December 15, 2019

Trigger Advertising Based on Environmental Factors

By Valassis
Categories

3 Simple Steps for Using Environmental Factors to Improve Marketing Campaigns

When you put the right message in front of the right person at the right time, it has a great impression on consumers and increases the likelihood of a purchase.

Savvy brands are taking personalization to the next level, serving up relevant messaging at the most advantageous moment. They’ve become so attuned to consumer behavior and the ideal conditions for conversion that they’re able to anticipate when and where someone’s interest might spike.

The secret? Environment.

Understanding the consumer based on more than just identity makes it possible to target your messaging more effectively. It’s all about using different data signals and environmental factors to provide context to where that person is along the path to purchase.

Weathering the Storm

One of the most obvious environmental factors that can affect a purchase is weather. Knowing current conditions and the forecast provides an opportunity to trigger and present consumers with relevant messages in real time. This could include an ad for ice cream on a hot day or a service reminder for a heating system before temperatures drop.

Our company used weather-triggered marketing for a charcoal company ad in neighborhoods where the local temperature hit a point ideal for grilling.

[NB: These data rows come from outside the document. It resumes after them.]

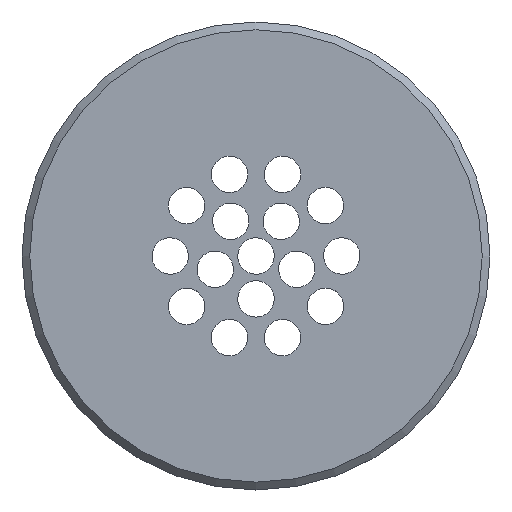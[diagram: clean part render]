
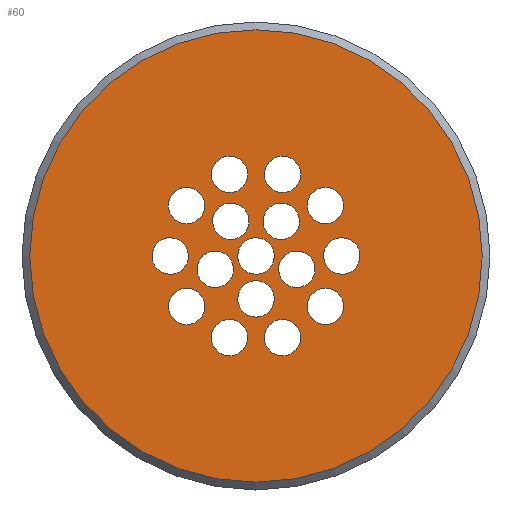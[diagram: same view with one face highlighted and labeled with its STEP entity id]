
A CAD part, top view. The second image highlights one B-rep face of the part: STEP entity #60.
In plain terms, the highlighted planar face has unit normal (0, 0, 1).
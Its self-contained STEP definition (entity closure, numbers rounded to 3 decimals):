
#60=ADVANCED_FACE('',(#4643,#4645,#4647,#4649,#4651,#4653,#4655,#4657,#4659,#4661,
#4663,#4665,#4667,#4669,#4671,#4673,#4675),#4677,.T.);
#4643=FACE_BOUND('',#4644,.T.);
#4644=EDGE_LOOP('',(#5025));
#4645=FACE_BOUND('',#4646,.T.);
#4646=EDGE_LOOP('',(#5026));
#4647=FACE_BOUND('',#4648,.T.);
#4648=EDGE_LOOP('',(#5027));
#4649=FACE_BOUND('',#4650,.T.);
#4650=EDGE_LOOP('',(#5028));
#4651=FACE_BOUND('',#4652,.T.);
#4652=EDGE_LOOP('',(#5029));
#4653=FACE_BOUND('',#4654,.T.);
#4654=EDGE_LOOP('',(#5030));
#4655=FACE_BOUND('',#4656,.T.);
#4656=EDGE_LOOP('',(#5031));
#4657=FACE_BOUND('',#4658,.T.);
#4658=EDGE_LOOP('',(#5032));
#4659=FACE_BOUND('',#4660,.T.);
#4660=EDGE_LOOP('',(#5033));
#4661=FACE_BOUND('',#4662,.T.);
#4662=EDGE_LOOP('',(#5034));
#4663=FACE_BOUND('',#4664,.T.);
#4664=EDGE_LOOP('',(#5035));
#4665=FACE_BOUND('',#4666,.T.);
#4666=EDGE_LOOP('',(#5036));
#4667=FACE_BOUND('',#4668,.T.);
#4668=EDGE_LOOP('',(#5037));
#4669=FACE_BOUND('',#4670,.T.);
#4670=EDGE_LOOP('',(#5038));
#4671=FACE_BOUND('',#4672,.T.);
#4672=EDGE_LOOP('',(#5039));
#4673=FACE_BOUND('',#4674,.T.);
#4674=EDGE_LOOP('',(#5040));
#4675=FACE_BOUND('',#4676,.T.);
#4676=EDGE_LOOP('',(#5041));
#4677=PLANE('',#4678);
#4678=AXIS2_PLACEMENT_3D('',#4679,#4680,#4681);
#4679=CARTESIAN_POINT('',(0.,0.,3.));
#4680=DIRECTION('',(0.,0.,1.));
#4681=DIRECTION('',(-1.,0.,0.));
#5025=ORIENTED_EDGE('',*,*,#5190,.T.);
#5026=ORIENTED_EDGE('',*,*,#5207,.T.);
#5027=ORIENTED_EDGE('',*,*,#5208,.T.);
#5028=ORIENTED_EDGE('',*,*,#5209,.T.);
#5029=ORIENTED_EDGE('',*,*,#5210,.T.);
#5030=ORIENTED_EDGE('',*,*,#5211,.T.);
#5031=ORIENTED_EDGE('',*,*,#5212,.T.);
#5032=ORIENTED_EDGE('',*,*,#5213,.T.);
#5033=ORIENTED_EDGE('',*,*,#5214,.T.);
#5034=ORIENTED_EDGE('',*,*,#5215,.T.);
#5035=ORIENTED_EDGE('',*,*,#5216,.T.);
#5036=ORIENTED_EDGE('',*,*,#5217,.T.);
#5037=ORIENTED_EDGE('',*,*,#5218,.T.);
#5038=ORIENTED_EDGE('',*,*,#5219,.T.);
#5039=ORIENTED_EDGE('',*,*,#5220,.T.);
#5040=ORIENTED_EDGE('',*,*,#5221,.T.);
#5041=ORIENTED_EDGE('',*,*,#5222,.T.);
#5190=EDGE_CURVE('',#5337,#5337,#5338,.T.);
#5207=EDGE_CURVE('',#5371,#5371,#5372,.F.);
#5208=EDGE_CURVE('',#5373,#5373,#5374,.F.);
#5209=EDGE_CURVE('',#5375,#5375,#5376,.F.);
#5210=EDGE_CURVE('',#5377,#5377,#5378,.F.);
#5211=EDGE_CURVE('',#5379,#5379,#5380,.F.);
#5212=EDGE_CURVE('',#5381,#5381,#5382,.F.);
#5213=EDGE_CURVE('',#5383,#5383,#5384,.F.);
#5214=EDGE_CURVE('',#5385,#5385,#5386,.F.);
#5215=EDGE_CURVE('',#5387,#5387,#5388,.F.);
#5216=EDGE_CURVE('',#5389,#5389,#5390,.F.);
#5217=EDGE_CURVE('',#5391,#5391,#5392,.F.);
#5218=EDGE_CURVE('',#5393,#5393,#5394,.F.);
#5219=EDGE_CURVE('',#5395,#5395,#5396,.F.);
#5220=EDGE_CURVE('',#5397,#5397,#5398,.F.);
#5221=EDGE_CURVE('',#5399,#5399,#5400,.F.);
#5222=EDGE_CURVE('',#5401,#5401,#5402,.F.);
#5337=VERTEX_POINT('',#7825);
#5338=CIRCLE('',#7826,43.5);
#5371=VERTEX_POINT('',#7910);
#5372=CIRCLE('',#7911,3.5);
#5373=VERTEX_POINT('',#7915);
#5374=CIRCLE('',#7916,3.5);
#5375=VERTEX_POINT('',#7920);
#5376=CIRCLE('',#7921,3.5);
#5377=VERTEX_POINT('',#7925);
#5378=CIRCLE('',#7926,3.5);
#5379=VERTEX_POINT('',#7930);
#5380=CIRCLE('',#7931,3.5);
#5381=VERTEX_POINT('',#7935);
#5382=CIRCLE('',#7936,3.5);
#5383=VERTEX_POINT('',#7940);
#5384=CIRCLE('',#7941,3.5);
#5385=VERTEX_POINT('',#7945);
#5386=CIRCLE('',#7946,3.5);
#5387=VERTEX_POINT('',#7950);
#5388=CIRCLE('',#7951,3.5);
#5389=VERTEX_POINT('',#7955);
#5390=CIRCLE('',#7956,3.5);
#5391=VERTEX_POINT('',#7960);
#5392=CIRCLE('',#7961,3.5);
#5393=VERTEX_POINT('',#7965);
#5394=CIRCLE('',#7966,3.5);
#5395=VERTEX_POINT('',#7970);
#5396=CIRCLE('',#7971,3.5);
#5397=VERTEX_POINT('',#7975);
#5398=CIRCLE('',#7976,3.5);
#5399=VERTEX_POINT('',#7980);
#5400=CIRCLE('',#7981,3.5);
#5401=VERTEX_POINT('',#7985);
#5402=CIRCLE('',#7986,3.5);
#7825=CARTESIAN_POINT('',(-43.5,0.,3.));
#7826=AXIS2_PLACEMENT_3D('',#7827,#7828,#7829);
#7827=CARTESIAN_POINT('',(0.,0.,3.));
#7828=DIRECTION('',(0.,0.,1.));
#7829=DIRECTION('',(-1.,0.,0.));
#7910=CARTESIAN_POINT('',(5.931,3.346,3.));
#7911=AXIS2_PLACEMENT_3D('',#7912,#7913,#7914);
#7912=CARTESIAN_POINT('',(4.849,6.674,3.));
#7913=DIRECTION('',(0.,0.,1.));
#7914=DIRECTION('',(0.309,-0.951,0.));
#7915=CARTESIAN_POINT('',(-6.765,-5.878,3.));
#7916=AXIS2_PLACEMENT_3D('',#7917,#7918,#7919);
#7917=CARTESIAN_POINT('',(-7.846,-2.549,3.));
#7918=DIRECTION('',(0.,0.,1.));
#7919=DIRECTION('',(0.309,-0.951,0.));
#7920=CARTESIAN_POINT('',(-3.768,3.346,3.));
#7921=AXIS2_PLACEMENT_3D('',#7922,#7923,#7924);
#7922=CARTESIAN_POINT('',(-4.849,6.674,3.));
#7923=DIRECTION('',(0.,0.,1.));
#7924=DIRECTION('',(0.309,-0.951,0.));
#7925=CARTESIAN_POINT('',(8.928,-5.878,3.));
#7926=AXIS2_PLACEMENT_3D('',#7927,#7928,#7929);
#7927=CARTESIAN_POINT('',(7.846,-2.549,3.));
#7928=DIRECTION('',(0.,0.,1.));
#7929=DIRECTION('',(0.309,-0.951,0.));
#7930=CARTESIAN_POINT('',(1.082,-11.579,3.));
#7931=AXIS2_PLACEMENT_3D('',#7932,#7933,#7934);
#7932=CARTESIAN_POINT('',(0.,-8.25,3.));
#7933=DIRECTION('',(0.,0.,1.));
#7934=DIRECTION('',(0.309,-0.951,0.));
#7935=CARTESIAN_POINT('',(1.082,-3.329,3.));
#7936=AXIS2_PLACEMENT_3D('',#7937,#7938,#7939);
#7937=CARTESIAN_POINT('',(0.,0.,3.));
#7938=DIRECTION('',(0.,0.,1.));
#7939=DIRECTION('',(0.309,-0.951,0.));
#7940=CARTESIAN_POINT('',(-4.017,-19.021,3.));
#7941=AXIS2_PLACEMENT_3D('',#7942,#7943,#7944);
#7942=CARTESIAN_POINT('',(-5.099,-15.692,3.));
#7943=DIRECTION('',(0.,0.,1.));
#7944=DIRECTION('',(0.309,-0.951,0.));
#7945=CARTESIAN_POINT('',(-12.267,-13.027,3.));
#7946=AXIS2_PLACEMENT_3D('',#7947,#7948,#7949);
#7947=CARTESIAN_POINT('',(-13.349,-9.698,3.));
#7948=DIRECTION('',(0.,0.,1.));
#7949=DIRECTION('',(0.309,-0.951,0.));
#7950=CARTESIAN_POINT('',(-15.418,-3.329,3.));
#7951=AXIS2_PLACEMENT_3D('',#7952,#7953,#7954);
#7952=CARTESIAN_POINT('',(-16.5,0.,3.));
#7953=DIRECTION('',(0.,0.,1.));
#7954=DIRECTION('',(0.309,-0.951,0.));
#7955=CARTESIAN_POINT('',(-12.267,6.37,3.));
#7956=AXIS2_PLACEMENT_3D('',#7957,#7958,#7959);
#7957=CARTESIAN_POINT('',(-13.349,9.698,3.));
#7958=DIRECTION('',(0.,0.,1.));
#7959=DIRECTION('',(0.309,-0.951,0.));
#7960=CARTESIAN_POINT('',(-4.017,12.364,3.));
#7961=AXIS2_PLACEMENT_3D('',#7962,#7963,#7964);
#7962=CARTESIAN_POINT('',(-5.099,15.692,3.));
#7963=DIRECTION('',(0.,0.,1.));
#7964=DIRECTION('',(0.309,-0.951,0.));
#7965=CARTESIAN_POINT('',(6.18,12.364,3.));
#7966=AXIS2_PLACEMENT_3D('',#7967,#7968,#7969);
#7967=CARTESIAN_POINT('',(5.099,15.692,3.));
#7968=DIRECTION('',(0.,0.,1.));
#7969=DIRECTION('',(0.309,-0.951,0.));
#7970=CARTESIAN_POINT('',(14.43,6.37,3.));
#7971=AXIS2_PLACEMENT_3D('',#7972,#7973,#7974);
#7972=CARTESIAN_POINT('',(13.349,9.698,3.));
#7973=DIRECTION('',(0.,0.,1.));
#7974=DIRECTION('',(0.309,-0.951,0.));
#7975=CARTESIAN_POINT('',(17.582,-3.329,3.));
#7976=AXIS2_PLACEMENT_3D('',#7977,#7978,#7979);
#7977=CARTESIAN_POINT('',(16.5,0.,3.));
#7978=DIRECTION('',(0.,0.,1.));
#7979=DIRECTION('',(0.309,-0.951,0.));
#7980=CARTESIAN_POINT('',(14.43,-13.027,3.));
#7981=AXIS2_PLACEMENT_3D('',#7982,#7983,#7984);
#7982=CARTESIAN_POINT('',(13.349,-9.698,3.));
#7983=DIRECTION('',(0.,0.,1.));
#7984=DIRECTION('',(0.309,-0.951,0.));
#7985=CARTESIAN_POINT('',(6.18,-19.021,3.));
#7986=AXIS2_PLACEMENT_3D('',#7987,#7988,#7989);
#7987=CARTESIAN_POINT('',(5.099,-15.692,3.));
#7988=DIRECTION('',(0.,0.,1.));
#7989=DIRECTION('',(0.309,-0.951,0.));

The result: Engagement rates rose to three times the industry average.

Known area sales in a particular location or with a particular retailer is another factor that can benefit your marketing efforts. Selling products within a given market or location can tell you whether an advertisement for a new or improved product will spark interest among local residents. It can also tell you to adjust or pause advertising when inventory is low or out of stock.

Products don’t always hit shelves at the same time at every retailer. But if scanner data shows that the product has started to move, you can safely trigger location-based advertising in that area to build awareness and encourage additional sales. Running an ad before that might frustrate consumers who can’t find the product in stores and waste ad spend. You want the campaign to coincide with the rollout.

Beyond that, consumer intent can provide context. Being cognizant of data showing progress from interest to intent ensures ads are deployed at the right time to satisfy consumer needs. It means you’re targeting a qualified lead.

Each of these factors presents endless opportunities for personalization and optimization of your advertising efforts. You can employ anything from location-based advertising to weather-triggered marketing. Messaging becomes more timely and relevant to the recipient, resulting in more effective ad spend for advertisers.

Making an Impression

How you go about using environmental factors to improve marketing will vary by product or service, but the following are the best places to start:

1. Use a variety of data sources to get a more complete customer view.
Consumers know when brands are marketing to the masses. But pull some data and do a little segmentation, and all of a sudden you’ve got a more complete view of consumers. The more complete your customer view is, the easier it becomes to align and personalize your messaging. It also allows you to deploy an offer at the precise moment it matters most, creating a seamless experience that increases the chances of a purchase.

Let’s say you’re marketing suntan lotion. Promotions generally occur at certain times of year, right? But data can provide further context, opening up additional opportunities to target various consumer segments through weather-triggered ads. So when there’s a warm snap in the Midwest, you might want to set up a trigger to push out a message on a sunny day.

Location-based advertising can direct shoppers to a nearby store that has the products they’re looking for. Valassis worked with a regional grocer to drive visits from competitor stores using targeted, digital advertising media based on real-time shopper signals such as product interest and proximity to their locations. The approach was a success for the retailer which achieved a strong visit rate of 7.6%. Additionally, for nearly 10% of these store visits, dwell time ranged from 32 minutes to an hour.

2. Work with partners who can connect signals with your campaign.
unified approach will always win out over siloed efforts. Cohesive campaign data allows for greater visibility into the impact and results. It also affords greater agility, making it easier to adjust advertising as needed — even weather-based marketing.

The only problem is that aggregating data from multiple sources on your own can be time-consuming. The lost time could translate into missed opportunities to connect with ideal consumers via real-time location-based advertising or weather-triggered ads. A third-party vendor can help you connect signals to optimize your campaign.

3. Know your market.
Future consumer behavior can often be traced back to interest and intent data. Interest data shows behavior over time, and intent data tells marketers what you are in the market for at a specific moment in time. If you’re able to identify how they interact across media, you’ll be better equipped to respond with the right message.

Using these data signals to trigger messaging also provides a better customer experience. You’re able to meet their expectations and offer the necessary information to help them make an informed purchase. Besides, timeliness matters with marketing. If that key moment of intent or interest is missed, you might lose out on a sale.

Understanding the consumer is vital in any good marketing campaign. But when you add that extra layer of environmental factors, you take your efforts to the next level. You’re able to trigger messaging to satisfy both the immediate and future needs of your customers.